Goal of the exercise
Print all the data below exactly, without images.

___ Provided data

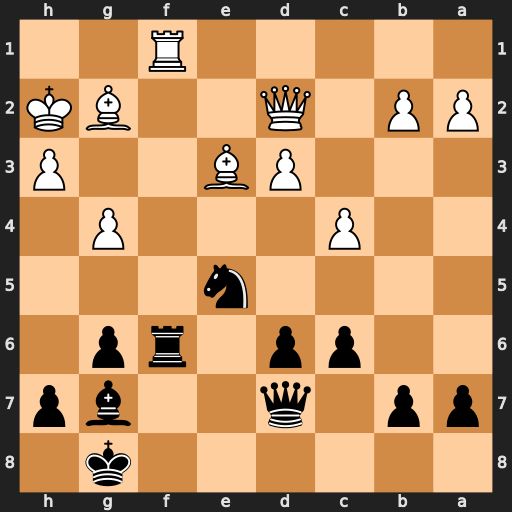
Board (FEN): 6k1/pp1q2bp/2pp1rp1/4n3/2P3P1/3PB2P/PP1Q2BK/5R2
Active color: b
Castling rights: -
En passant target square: -
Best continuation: Rxf1 Bxf1 Nf3+ Kg2 Nxd2
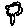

______

Response to the exercise
Board (FEN): 6k1/pp1q2bp/2pp1rp1/4n3/2P3P1/3PB2P/PP1Q2BK/5R2
Active color: b
Castling rights: -
En passant target square: -
Best continuation: Rxf1 Bxf1 Nf3+ Kg2 Nxd2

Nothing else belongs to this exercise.